Sur le site de l'UFS (Union française des semences), dans une note du 18 mars 2016 à propos d'un rapport relatif à la sélection variétale et concluant à de nombreux avantages :
« Quelques résultats-clés :
En moyenne, et à travers les principales cultures dans l’Union européenne, la sélection variétale contribue pour environ 74% du total de la croissance de la productivité, équivalent à une augmentation des rendements de 1,24% par an ; La sélection variétale a augmenté la production des ressources agricoles à hauteur, par exemple, de 47 millions de tonnes de céréales et 7 millions de tonnes de graines oléagineuses, stabilisant ainsi les marchés et réduisant l’instabilité des prix ; L'amélioration des cultures grâce à la génétique a contribué pour plus de 14 milliards € au produit intérieur brut de l'Union européenne depuis 2000 ; La sélection variétale contribue à réduire les émissions de gaz à effet de serre : environ 3,4 milliards de tonnes d'émissions de CO2 directes ont été évitées en Europe grâce à la sélection variétale, au cours des 15 dernières années ; Grâce à l'amélioration des plantes, l'Europe a pu enrayer la perte de la biodiversité...»

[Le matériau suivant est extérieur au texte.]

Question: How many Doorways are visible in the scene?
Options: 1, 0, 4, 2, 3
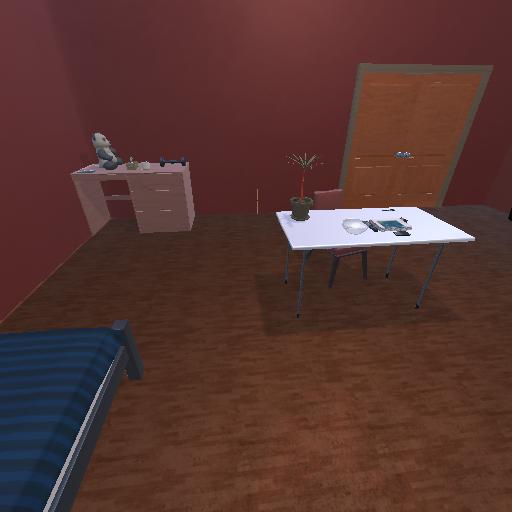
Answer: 1
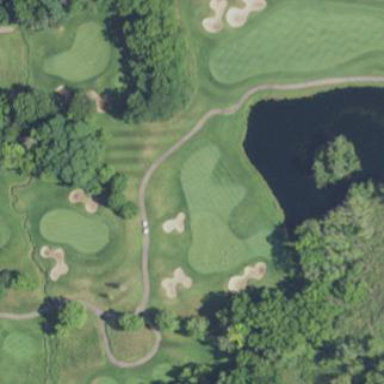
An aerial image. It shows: Grassy area designated as golf fairway.
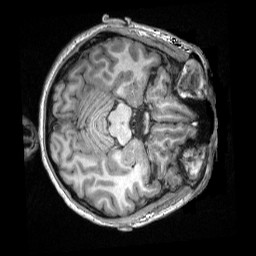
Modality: T1w
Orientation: axial
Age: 21
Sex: female
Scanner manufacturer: siemens
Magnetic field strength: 3 T
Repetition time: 2.3 s
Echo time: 0.00308 s
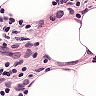
Metastatic tissue present: yes
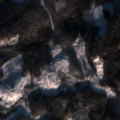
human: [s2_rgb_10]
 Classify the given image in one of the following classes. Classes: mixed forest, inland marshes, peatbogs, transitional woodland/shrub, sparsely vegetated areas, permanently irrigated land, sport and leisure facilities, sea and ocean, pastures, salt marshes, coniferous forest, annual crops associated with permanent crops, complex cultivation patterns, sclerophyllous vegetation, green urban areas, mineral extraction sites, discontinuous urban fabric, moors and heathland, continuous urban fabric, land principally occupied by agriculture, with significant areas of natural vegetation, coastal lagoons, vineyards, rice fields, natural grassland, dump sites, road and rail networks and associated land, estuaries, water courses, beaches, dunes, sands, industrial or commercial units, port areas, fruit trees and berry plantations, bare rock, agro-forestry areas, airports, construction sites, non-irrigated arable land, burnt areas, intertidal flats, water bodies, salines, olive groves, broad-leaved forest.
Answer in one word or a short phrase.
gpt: coniferous forest, mixed forest, transitional woodland/shrub, water bodies
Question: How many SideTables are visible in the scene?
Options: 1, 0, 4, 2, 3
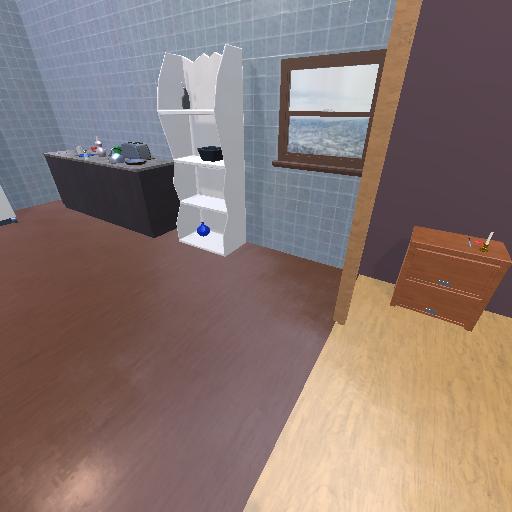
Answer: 1
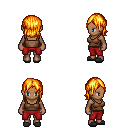
a pixel art fantasy rpg character, female body template, human, dark skin, brown pirate shirt, red pants, light blonde long bangs hairstyle, gray slippers, four views (front, back, left, right), 2x2 character sprite sheet, small pixel art, hard edges, no anti-aliasing
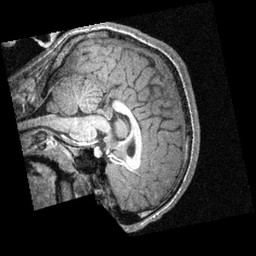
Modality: T1w
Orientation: sagittal
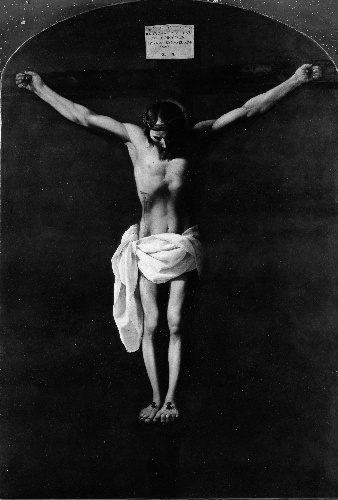
Title: The Crucifixion
Artist: Francisco de Zurbarán
Artist bio: Spanish, Fuente de Cantos 1598–1664 Madrid
Object type: Painting
Classification: Paintings
Medium: Oil on canvas
Dimensions: Arched top, 112 x 75 7/8 in. (284.5 x 192.7 cm)
Department: European Paintings
Credit line: Gift of George R. Hann, 1965
Accession year: 1965
Repository: Metropolitan Museum of Art, New York, NY
Tags: Crucifixion|Christ
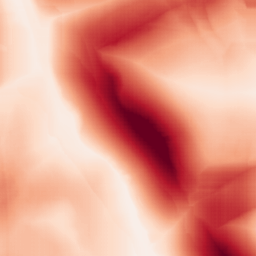
Category: morphological
Decomposition family: morphological_square
Decomposition parameters: operation: gradient
size: 50
Upsampling method: sinc_hamming
Upsampling parameters: scale: 4
kernel_size: 8
Upsampling scale: 4
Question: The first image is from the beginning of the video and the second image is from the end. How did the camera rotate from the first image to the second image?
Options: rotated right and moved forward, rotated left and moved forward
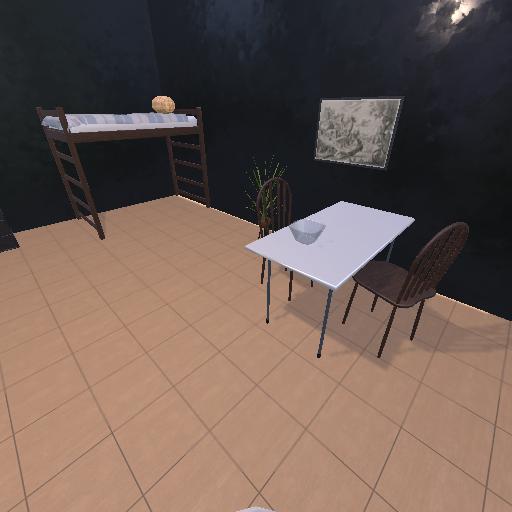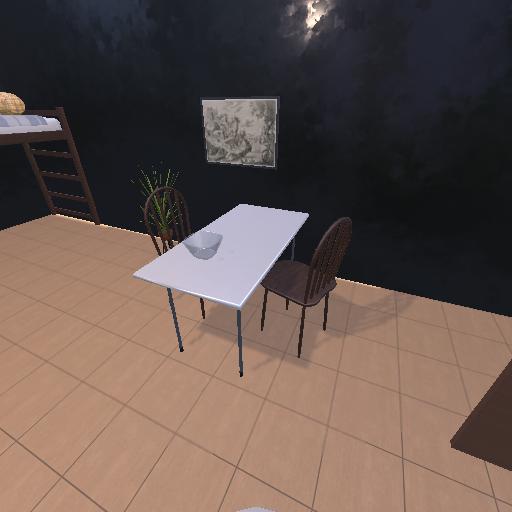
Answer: rotated right and moved forward
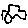
Label: car
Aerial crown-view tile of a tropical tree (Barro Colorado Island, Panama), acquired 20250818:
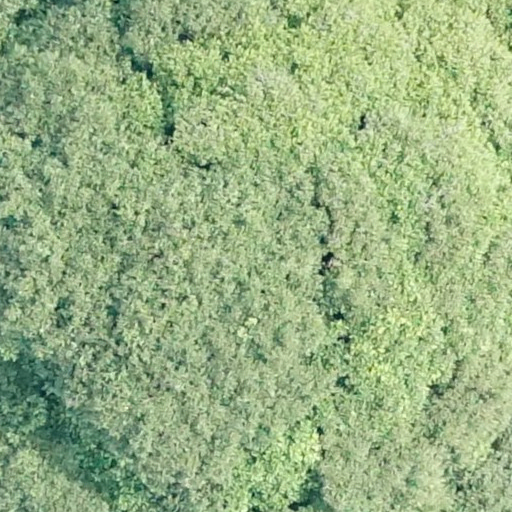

Sur le site du Haut-Conseil des Biotechnologies on peut lire le message suivant daté du 14 avril :
« Ni la démission, ni le boycott ne sont des solutions pour faire progresser le débat et éclairer la décision publique. La richesse et l’originalité du Haut-Conseil des Biotechnologies résident dans la diversité des points de vue exprimés. C’est dans cette optique que le Haut-Conseil des Biotechnologies poursuit ses travaux et qu’il invite les organisations démissionnaires à reconsidérer leur position. »
Deux remarques pour finir
Les positions des pro et anti-OGM sont-elles conciliables ? Y a-t-il un milieu entre une prudence favorable à l'environnement mais qui pénalise la recherche et l'industrie et une prise potentielle de risques pour l'environnement mais bénéfique à la productivité ? Résultat de ce dilemme, l’ambiguïté de la position de la France qui annule systématiquement les décisions européennes d'autorisation de mise sur le marché d'OGM tout en proposant une position officielle en faveur de la déréglementation des nouveaux OGM par l'Europe qui conduirait à ne plus pouvoir annuler leur commercialisation.